В этом покое и высились у западной стены гигантские эбеновые часы. Их маятник раскачивался с глухим, тяжелым, монотонным лязгом; и, когда минутная стрелка замыкала круг на циферблате, медное горло часов издавало звук – ясный, громкий, глубокий и чрезвычайно музыкальный, но такой странный и резкий, что, по прошествии каждого часа, музыкантам приходилось прерывать игру и внимать ему; и танцоры поневоле переставали кружиться в вальсе; и всею веселою компанией овладевало недолгое смущение; и, пока еще звенели куранты на часах, замечалось, что бледнеют и самые беззаботные, а более степенные и пожилые проводят рукою по лбу, как бы погружаясь в хаос мыслей и раздумий. Но когда отзвуки замирали, то сборище вмиг пронизывал бездумный смех; музыканты с улыбками переглядывались, как бы дивясь собственному неразумию и нервозности, и шепотом обещали друг другу, что часы, пробив в следующий раз, не возбудят в них никаких подобных чувств; а по прошествии шестидесяти минут (что заключает три тысячи шестьсот секунд быстролетного Времени) вновь били часы, рождая то же смущение, трепет и думы, что и прежде.

Но, несмотря на это, шло веселое и великолепное празднество. Вкусы герцога отличались необычностью. Он обладал тонким чувством цвета и способностью создавать эффекты. Модой ради моды он пренебрегал. Его планы отличались смелостью и размахом, и замыслы были отмечены варварским блеском. Иные сочли бы его помешанным. Его приближенные чувствовали, что это не так. Но надо было находиться рядом с принцем, видеть и слушать его, дабы увериться, что это не так.

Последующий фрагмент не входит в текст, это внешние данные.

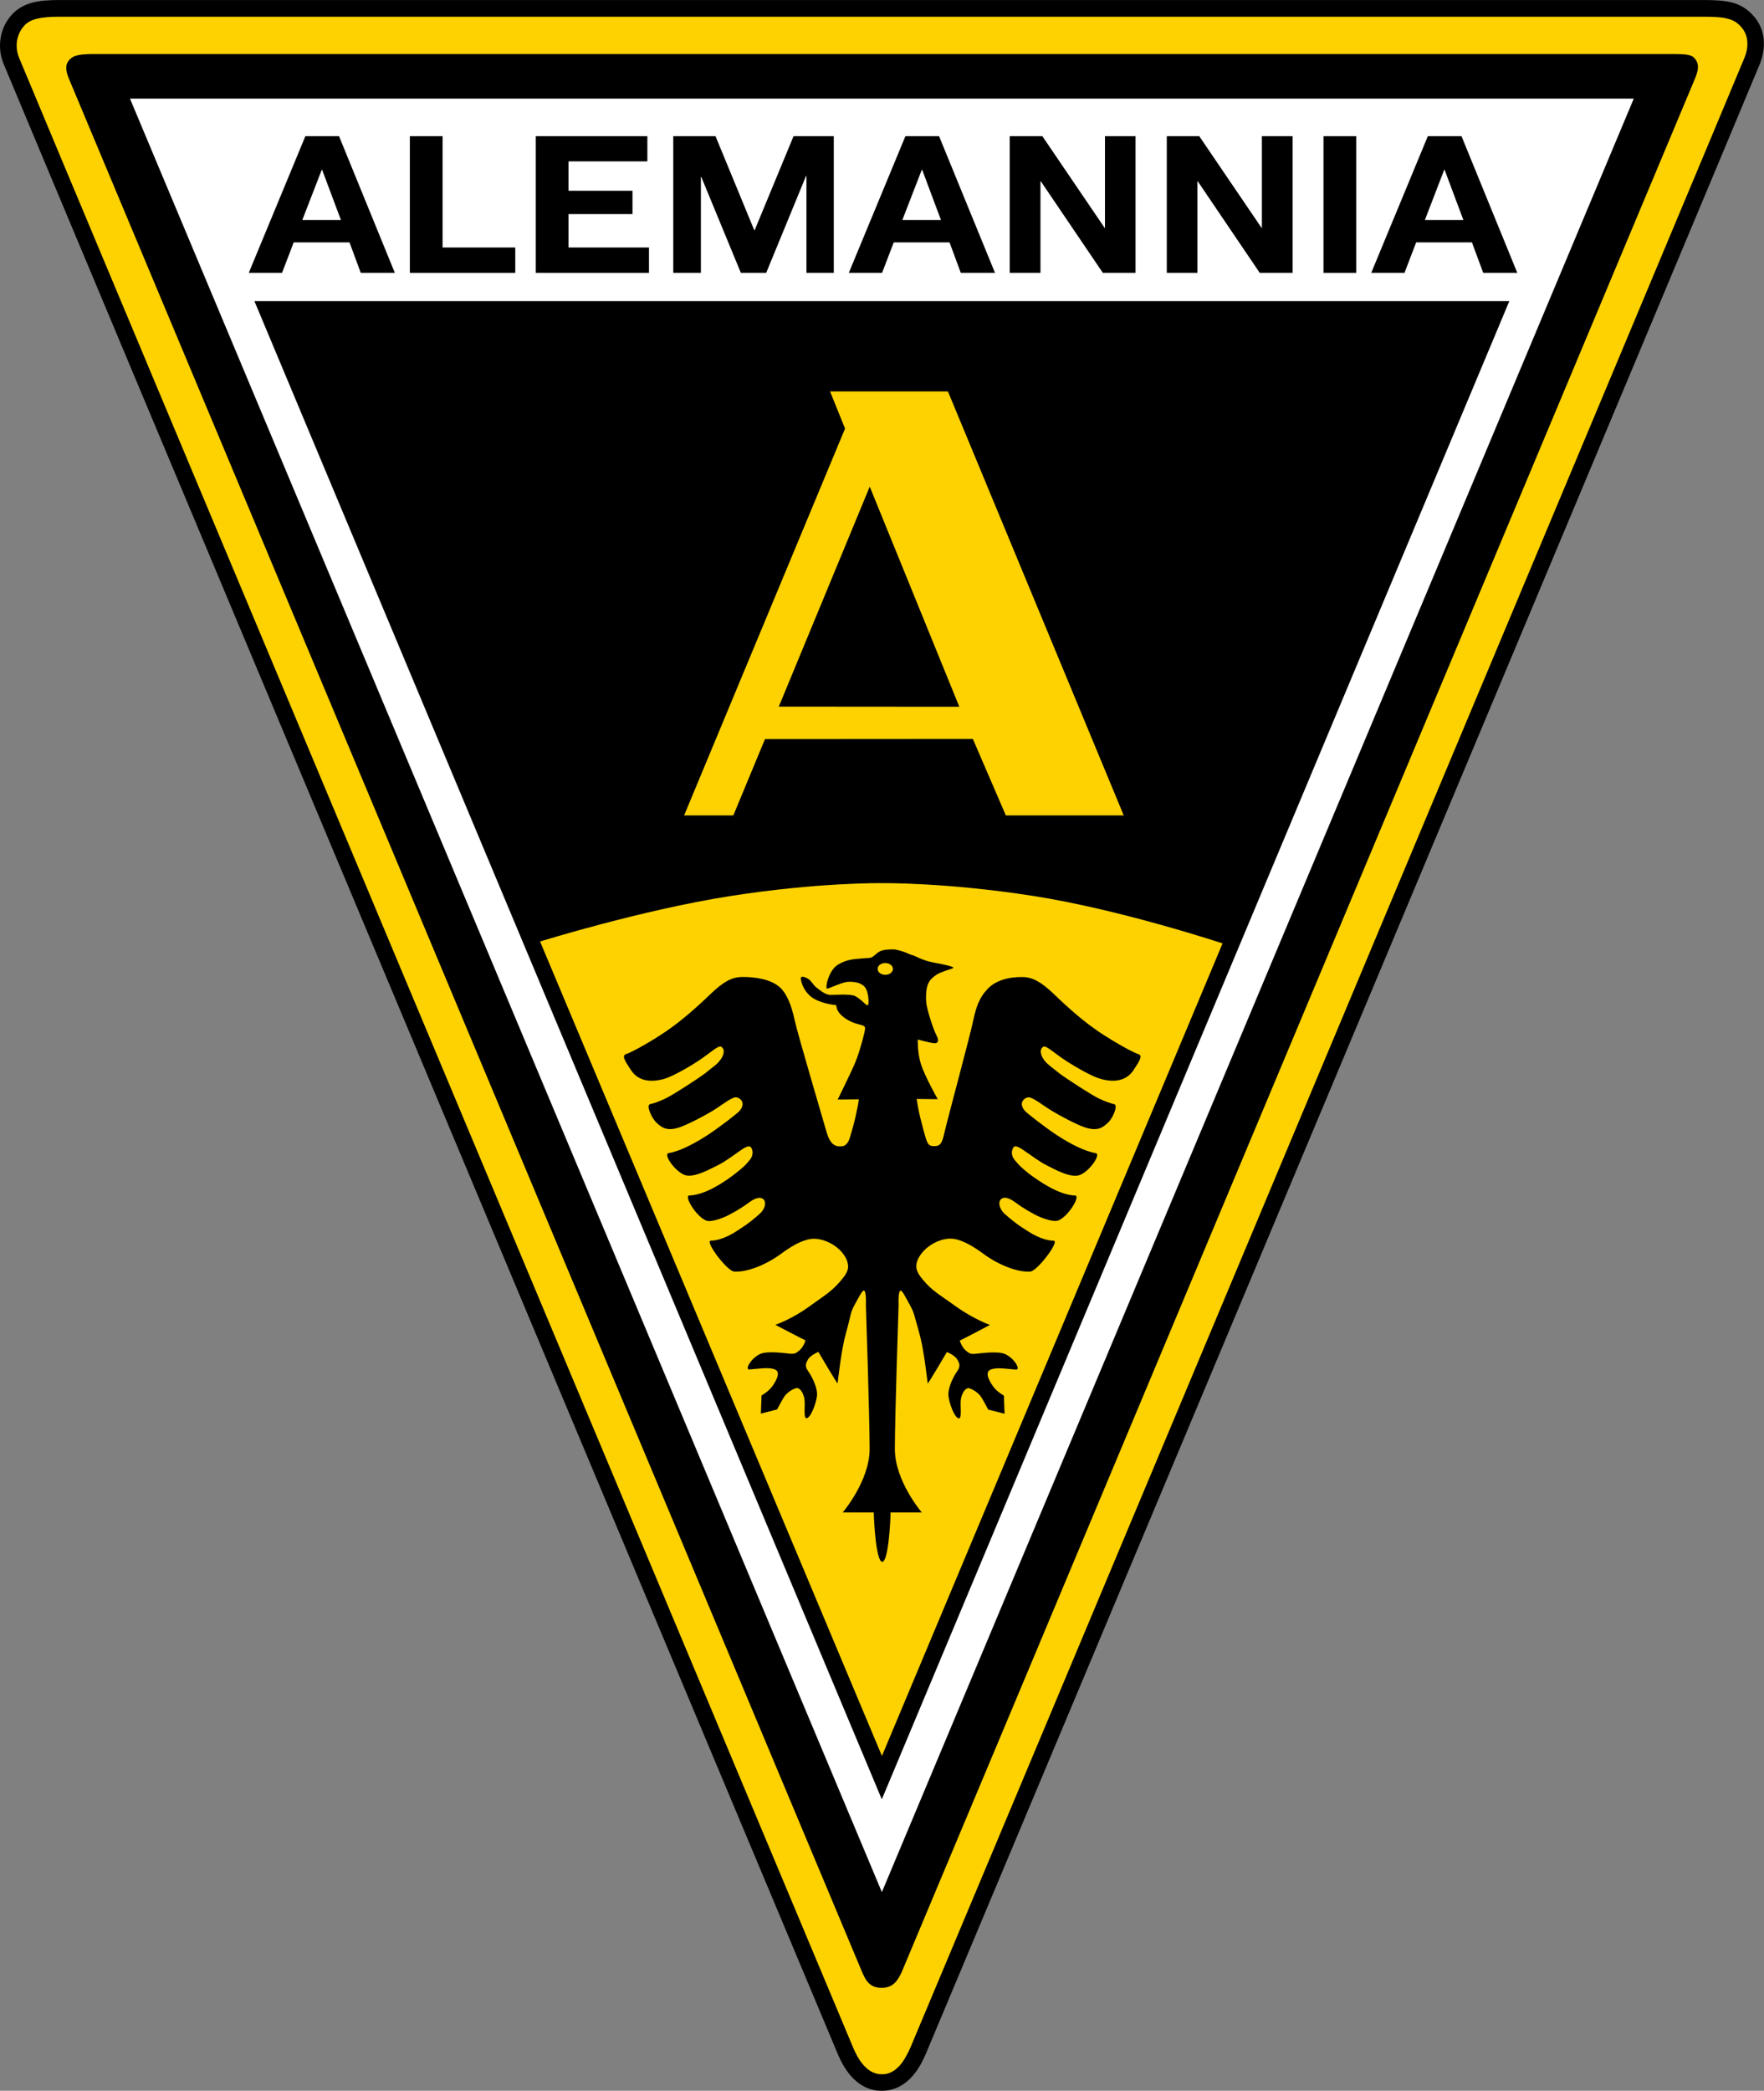 <svg id="Layer_1" xmlns:rdf="http://www.w3.org/1999/02/22-rdf-syntax-ns#" xmlns="http://www.w3.org/2000/svg" xml:space="preserve" overflow="visible" height="165.91" viewBox="0 0 140 165.908" width="140" version="1.1" enable-background="new 0 0 13.153 15.588" xmlns:cc="http://creativecommons.org/ns#" xmlns:dc="http://purl.org/dc/elements/1.1/"><rect x="0" y="0" width="140" height="165.908" fill="#808080" stroke="none"/>
<path id="path3" fill="#fdd200" d="M138.62,1.629c-0.76-0.788-1.59-0.958-3.38-0.958h-65.213-0.043-65.258c-1.511,0-2.555,0.17-3.246,0.883-0.873,0.905-1.011,2.193-0.585,3.257,0.564,1.437,65.897,157.19,66.216,157.96,0.319,0.745,1.16,2.491,2.885,2.491,1.703,0,2.512-1.724,2.853-2.491,0.479-1.064,65.663-156.55,66.227-157.97,0.5-1.235,0.298-2.384-0.458-3.172"/>
<line id="line5" y2="165.91" x2="140" y1="165.91" fill="none"/>
<line id="line7" y2="-2.2111E-7" x2="0" y1="-2.2111E-7" x1="140" fill="none"/>
<path id="path9" d="m69.995,165.91c-1.107,0.021-1.937-0.575-2.469-1.181-0.543-0.628-0.852-1.309-1.022-1.703-0.32-0.77-65.642-156.52-66.227-157.98-0.181-0.447-0.277-0.937-0.277-1.426,0-0.894,0.319-1.82,1.011-2.533,0.915-0.937,2.182-1.086,3.704-1.086h65.269,0.043,65.205c0.915,0,1.607,0.043,2.246,0.202,0.639,0.17,1.16,0.49,1.607,0.969l-0.479,0.447,0.479-0.447c0.596,0.617,0.915,1.426,0.905,2.299,0,0.522-0.106,1.043-0.309,1.575-0.564,1.437-65.748,156.89-66.227,157.99-0.181,0.394-0.49,1.096-1.032,1.703-0.522,0.607-1.341,1.171-2.427,1.171m-68.034-163.91c-0.436,0.458-0.639,1.022-0.639,1.618,0,0.319,0.064,0.639,0.181,0.937,0.564,1.416,65.907,157.21,66.216,157.95,0.149,0.351,0.415,0.915,0.809,1.362,0.394,0.436,0.841,0.734,1.469,0.734,0.607,0,1.043-0.287,1.437-0.724,0.383-0.447,0.649-1.022,0.82-1.394,0.447-1.022,65.663-156.55,66.205-157.92,0.16-0.394,0.224-0.756,0.224-1.086,0-0.553-0.181-1.011-0.543-1.394-0.298-0.319-0.575-0.479-1.011-0.596-0.404-0.117-1.022-0.16-1.895-0.16h-65.213-0.043-65.269-0.032c-1.458,0-2.267,0.192-2.725,0.681z"/>
<path id="path11" d="m134.56,4.715c-0.255-0.383-0.66-0.426-1.81-0.426h-125.52c-1.139,0.011-1.469,0.181-1.724,0.458-0.298,0.319-0.351,0.745-0.032,1.511,0.181,0.458,62.757,149.78,62.959,150.26,0.266,0.607,0.575,1.224,1.533,1.224v0.011h0.011v-0.011c0.937,0,1.288-0.628,1.575-1.224,0.276-0.6,62.771-149.8,62.961-150.26,0.255-0.628,0.373-1.075,0.053-1.543"/>
<polyline id="polyline13" points="6.576,14.105,12.182,0.735,0.969,0.735,6.575,14.105" fill="#FFF" transform="scale(10.644,10.644)"/>
<polyline id="polyline15" points="6.576,13.412,11.254,2.245,1.897,2.245,6.574,13.412" transform="scale(10.644,10.644)"/>
<path id="path17" fill="#fdd200" d="m82.044,71.102c-7.014-1.096-12.049-1.022-12.049-1.022s-5.024-0.075-12.028,1.022c-7.014,1.096-15.104,3.608-15.104,3.608l27.132,64.63,27.035-64.481c0,0.011-7.994-2.661-14.987-3.757"/>
<path id="path19" d="m90.325,83.64c-0.543-0.181-2.044-1.054-3.087-1.746-1.181-0.809-2.235-1.703-3.619-3.034-1.011-0.969-1.692-1.32-2.469-1.331-1.075-0.011-2.15,0.255-2.799,0.979-0.596,0.628-0.873,1.352-1.096,2.405-0.255,1.256-2.086,8.004-2.299,8.962-0.192,0.852-0.309,1.075-0.841,1.075-0.479,0-0.543-0.255-0.809-1.224-0.202-0.756-0.341-1.299-0.415-1.703-0.117-0.596-0.138-0.82-0.138-0.82l1.671,0.021s-1.032-1.81-1.341-2.81c-0.277-0.873-0.245-1.927-0.245-1.927s0.862,0.245,1.245,0.287c0.383,0.053,0.468-0.17,0.245-0.607-0.245-0.458-0.766-2.044-0.82-2.64-0.032-0.394-0.021-1.075,0.149-1.448,0.096-0.224,0.234-0.436,0.671-0.734,0.341-0.224,1.054-0.415,1.299-0.511,0.234-0.106-0.681-0.298-1.543-0.458-0.862-0.149-1.437-0.532-1.682-0.585-0.234-0.053-0.596-0.298-1.362-0.447,0,0-0.575-0.043-1.011,0.075-0.415,0.106-0.575,0.426-0.862,0.553-0.149,0.064-0.192,0.032-0.788,0.085-0.607,0.053-1.192,0.075-1.873,0.49-0.766,0.458-1.075,1.98-0.83,1.905,0.255-0.075,1.043-0.447,1.48-0.522,0.436-0.075,0.926,0.043,1.022,0.085,0.404,0.181,0.479,0.309,0.585,0.522,0.181,0.394,0.213,1.149,0.117,1.224-0.096,0.106-0.468-0.436-1.022-0.724-0.383-0.202-1.831-0.064-2.033-0.096-0.468-0.075-0.788-0.415-1.011-0.564-0.213-0.149-0.373-0.458-0.585-0.639-0.149-0.128-0.703-0.404-0.671-0.075,0.032,0.341,0.255,1.011,0.862,1.469,0.724,0.532,1.948,0.628,1.948,0.628s0,0.383,0.319,0.713c0.362,0.383,0.883,0.671,1.511,0.82,0.394,0.096,0.458,0.17,0.458,0.287-0.011,0.213-0.043,0.351-0.202,0.958-0.245,0.852-0.341,1.203-0.585,1.788-0.245,0.607-1.384,2.927-1.384,2.927l1.671-0.021s-0.011,0.224-0.138,0.82c-0.106,0.532-0.16,0.788-0.415,1.703-0.202,0.724-0.277,0.915-0.5,1.096-0.106,0.096-0.224,0.117-0.511,0.117-0.404-0.021-0.745-0.287-0.979-1.096-0.266-0.947-2.278-7.706-2.555-8.962-0.224-1.054-0.575-2.001-1.128-2.533-0.713-0.671-1.98-0.862-3.034-0.852-0.798,0.011-1.469,0.362-2.48,1.331-1.394,1.331-2.438,2.225-3.63,3.034-1.022,0.692-2.533,1.565-3.076,1.746-0.362,0.117-0.192,0.447,0.383,1.299,0.49,0.745,1.384,1.032,2.64,0.671,0.607-0.181,1.831-0.852,2.725-1.448,0.862-0.564,1.511-1.192,1.746-1.107,0.298,0.117,0.351,0.585-0.075,1.107-0.287,0.373-0.617,0.543-1.139,0.99-0.553,0.426-2.608,1.756-3.161,2.012-0.468,0.224-0.852,0.373-1.235,0.458-0.33,0.075,0.106,1.086,0.49,1.448,0.373,0.362,0.788,0.734,1.81,0.404,0.639-0.213,1.98-0.905,2.64-1.309,0.713-0.436,1.511-1.086,1.852-1.086,0.341,0,0.852,0.436,0.319,1.064-0.128,0.17-1.565,1.288-2.555,1.937-1.054,0.681-2.182,1.277-3.087,1.426-0.436,0.085,0.468,1.405,1.245,1.724,0.756,0.309,2.193-0.543,2.672-0.766,0.468-0.224,1.128-0.703,1.607-1.043,0.436-0.309,0.862-0.607,1.032-0.351,0.16,0.255,0.16,0.639-0.096,0.958-0.415,0.5-0.511,0.585-1.171,1.107-0.766,0.596-2.342,1.692-3.64,1.735-0.468,0.011,0.564,1.714,1.362,2.001,0.415,0.138,1.384-0.277,1.384-0.277,0.564-0.234,1.469-0.777,1.927-1.128,0.309-0.224,0.788-0.543,1.128-0.351,0.33,0.181,0.266,0.766-0.213,1.203-0.394,0.351-0.894,0.777-1.522,1.171-0.468,0.319-1.405,0.937-2.363,0.969-0.522,0,1.288,2.416,1.852,2.448,1,0.074,2.491-0.522,3.64-1.352,0.979-0.713,1.511-0.979,2.001-1.128,0.458-0.16,0.883-0.17,1.448,0,0.415,0.138,0.703,0.287,1.022,0.532,0.277,0.224,0.447,0.394,0.617,0.649,0.213,0.309,0.277,0.543,0.309,0.788,0.043,0.298-0.075,0.639-0.479,1.118-0.766,0.937-1.213,1.171-2.608,2.171-1.384,1.011-2.682,1.448-2.682,1.448s2.331,1.224,2.374,1.224c0.053,0-0.16,0.564-0.468,0.809-0.309,0.266-0.373,0.245-0.564,0.266-0.181,0.021-1.48-0.224-2.299-0.064-0.809,0.16-1.543,1.331-1.107,1.309,0.66-0.043,1.543-0.213,2.033,0,0.532,0.224,0.011,1.043-0.255,1.394-0.266,0.351-0.809,0.671-0.809,0.671l-0.053,1.437,1.288-0.33s0.298-0.575,0.532-0.958c0.245-0.394,0.66-0.628,0.947-0.724,0.287-0.106,0.585,0.309,0.681,0.809,0.096,0.5-0.085,1.522,0.149,1.565,0.33,0.085,0.862-1.309,0.862-1.905,0-0.607-0.436-1.458-0.724-1.852-0.287-0.394-0.128-0.671,0-0.894,0.202-0.351,0.83-0.607,0.83-0.607s1.511,2.576,1.522,2.491c0.053-0.341,0.287-2.65,0.671-4.002,0.383-1.341,0.33-1.597,0.671-2.203,0.426-0.756,0.66-1.309,0.809-1.107,0.138,0.213,0.096,1.107,0.096,1.107s0.298,8.866,0.298,11.421c0,2.533-2.139,5.035-2.139,5.035h2.469c0,0.532,0.17,3.906,0.671,3.917,0.5-0.011,0.66-3.385,0.66-3.917h2.48s-2.139-2.491-2.139-5.035c0-2.555,0.298-11.421,0.298-11.421s-0.043-0.894,0.096-1.107c0.149-0.192,0.383,0.362,0.809,1.118,0.341,0.607,0.351,0.862,0.734,2.203,0.383,1.352,0.617,3.662,0.671,4.002,0.011,0.085,1.522-2.491,1.522-2.491s0.639,0.245,0.83,0.607c0.138,0.224,0.287,0.5,0,0.894-0.287,0.394-0.713,1.245-0.713,1.852,0,0.596,0.522,1.99,0.862,1.905,0.234-0.053,0.043-1.075,0.138-1.565,0.096-0.5,0.394-0.915,0.692-0.809,0.277,0.106,0.692,0.33,0.937,0.724,0.234,0.383,0.532,0.958,0.532,0.958l1.299,0.33-0.053-1.437s-0.543-0.309-0.809-0.671c-0.266-0.362-0.788-1.16-0.245-1.394,0.49-0.213,1.362-0.043,2.012,0,0.458,0.021-0.287-1.149-1.107-1.309-0.82-0.16-2.107,0.085-2.31,0.064-0.181-0.021-0.245,0-0.564-0.266-0.298-0.245-0.511-0.809-0.458-0.809s2.374-1.224,2.374-1.224-1.288-0.458-2.682-1.458c-1.384-1-1.905-1.235-2.672-2.171-0.404-0.479-0.522-0.82-0.49-1.128,0.032-0.245,0.106-0.479,0.319-0.788,0.17-0.245,0.341-0.426,0.617-0.649,0.319-0.234,0.596-0.394,1.011-0.532,0.564-0.17,0.99-0.16,1.458,0,0.479,0.16,1.032,0.426,2.001,1.139,1.149,0.83,2.64,1.426,3.64,1.352,0.564-0.043,2.374-2.448,1.852-2.448-0.969-0.032-1.895-0.649-2.374-0.969-0.628-0.394-1.118-0.82-1.522-1.171-0.468-0.447-0.532-1.032-0.202-1.213,0.33-0.192,0.809,0.128,1.118,0.351,0.458,0.351,1.352,0.894,1.916,1.128,0,0,0.99,0.415,1.405,0.277,0.798-0.277,1.831-1.98,1.362-1.99-1.299-0.043-2.863-1.139-3.662-1.735-0.639-0.522-0.734-0.607-1.149-1.107-0.255-0.319-0.255-0.692-0.096-0.958s0.585,0.043,1.032,0.351c0.479,0.33,1.128,0.809,1.607,1.043,0.468,0.224,1.905,1.086,2.672,0.766,0.777-0.319,1.671-1.639,1.235-1.724-0.894-0.149-2.033-0.745-3.097-1.437-0.969-0.639-2.405-1.767-2.533-1.927-0.543-0.628-0.021-1.064,0.309-1.064,0.351,0,1.139,0.649,1.863,1.086,0.66,0.404,2.001,1.107,2.629,1.309,1.032,0.33,1.437-0.043,1.82-0.404,0.383-0.362,0.798-1.373,0.479-1.448-0.373-0.085-0.756-0.234-1.235-0.458-0.543-0.255-2.597-1.586-3.151-2.012-0.522-0.436-0.852-0.617-1.149-0.99-0.415-0.532-0.351-1-0.064-1.107,0.224-0.085,0.883,0.553,1.746,1.107,0.894,0.585,2.118,1.267,2.725,1.437,1.245,0.373,2.15,0.085,2.64-0.66,0.575-0.852,0.745-1.181,0.383-1.299m-20.067-6.284c-0.341,0-0.607-0.213-0.607-0.468,0-0.255,0.266-0.468,0.607-0.468,0.33,0,0.607,0.213,0.607,0.468,0,0.255-0.277,0.468-0.607,0.468zm-0.245,46.599z"/>
<path id="path21" d="m24.236,10.804h2.672l4.428,10.846h-2.704l-0.894-2.416h-4.428l-0.926,2.416h-2.64l4.492-10.846m-0.245,6.652h3.066l-1.49-3.981h-0.032l-1.543,3.981z"/>
<polyline id="polyline23" points="3.056,1.015,3.3,1.015,3.3,1.845,3.842,1.845,3.842,2.034,3.056,2.034,3.056,1.015" transform="scale(10.644,10.644)"/>
<polyline id="polyline25" points="3.995,1.015,4.827,1.015,4.827,1.203,4.239,1.203,4.239,1.422,4.716,1.422,4.716,1.596,4.239,1.596,4.239,1.845,4.839,1.845,4.839,2.034,3.995,2.034,3.995,1.015" transform="scale(10.644,10.644)"/>
<polyline id="polyline27" points="5.02,1.015,5.335,1.015,5.624,1.716,5.627,1.716,5.917,1.015,6.217,1.015,6.217,2.034,6.013,2.034,6.013,1.312,6.01,1.312,5.713,2.034,5.524,2.034,5.229,1.319,5.226,1.319,5.226,2.034,5.02,2.034,5.02,1.015" transform="scale(10.644,10.644)"/>
<path id="path29" d="m71.857,10.804h2.672l4.439,10.846h-2.714l-0.894-2.416h-4.428l-0.926,2.416h-2.64l4.492-10.846m-0.245,6.652h3.066l-1.49-3.981h-0.032l-1.543,3.981z"/>
<polyline id="polyline31" points="7.529,1.015,7.772,1.015,8.236,1.698,8.239,1.698,8.239,1.015,8.467,1.015,8.467,2.034,8.223,2.034,7.761,1.352,7.758,1.352,7.758,2.034,7.529,2.034,7.529,1.015" transform="scale(10.644,10.644)"/>
<polyline id="polyline33" points="8.7,1.015,8.942,1.015,9.406,1.698,9.409,1.698,9.409,1.015,9.638,1.015,9.638,2.034,9.393,2.034,8.931,1.352,8.928,1.352,8.928,2.034,8.7,2.034,8.7,1.015" transform="scale(10.644,10.644)"/>
<line id="line35" stroke-width="2.603" y2="10.804" x2="106.34" stroke="#000" stroke-miterlimit="3.864" y1="21.65" x1="106.34" fill="none"/>
<path id="path37" d="m113.32,10.804h2.672l4.428,10.846h-2.704l-0.894-2.416h-4.428l-0.926,2.416h-2.64l4.492-10.846m-0.234,6.652h3.055l-1.49-3.981h-0.032l-1.533,3.981z"/>
<path id="path39" fill="#fdd200" d="m75.232,31.059h-9.356l1.192,2.948-12.773,30.697h3.906l2.512-6.056,16.498-0.011,2.618,6.067h9.356l-13.953-33.645m-13.422,25.013,7.217-17.456,7.11,17.467-14.327-0.011z"/>
</svg>


Все семь покоев для этого пышного праздника были убраны в значительной мере под его наблюдением, а маски и костюмы создавались по прихоти его вкуса. Не сомневайтесь в их гротескности. Там было много блеска, мишуры, остроты и фантасмагоричности – немало от того, что впоследствии увидели в «Эрнани»[101]. Там были фигуры, напоминающие арабески несоразмерными конечностями и несуразными украшениями. Там было многое, что казалось порожденным бредовыми видениями сумасшедшего. Там было много красивого, много разнузданного, много bizarre, кое-что ужасное, и немало способного возбудить отвращение. В семи покоях толпился рой сновидений. И они вились то здесь, то там, принимая цвет комнат, и звуки оркестра казались эхом их шагов. И вот бьют эбеновые часы в бархатной зале. И тогда все на миг замирает, и ничего не слышно, кроме голоса часов. Рой сновидений застыл на месте. Но смолкают куранты – лишь мгновение они звучали – и бездумный, немного сдавленный смех воспаряет вослед улетающему звону. И вновь растекается музыка, оживает рой сновидений, вьется то здесь, то там, еще веселее прежнего, принимая окраску разноцветных окон, сквозь которые струятся лучи от жаровен. Но в самую западную из зал теперь не направляется ни одна маска; ибо ночь убывает; и сквозь стекла кровавого цвета струится еще более алое сияние; и смоляная чернота драпировок гнетет; и тому, чья стопа касается смоляного ковра, слышится в эбеновых часах глухой звон, исполненный еще более мрачного смысла, нежели доходящий до тех, кто предается веселью в более отдаленных покоях.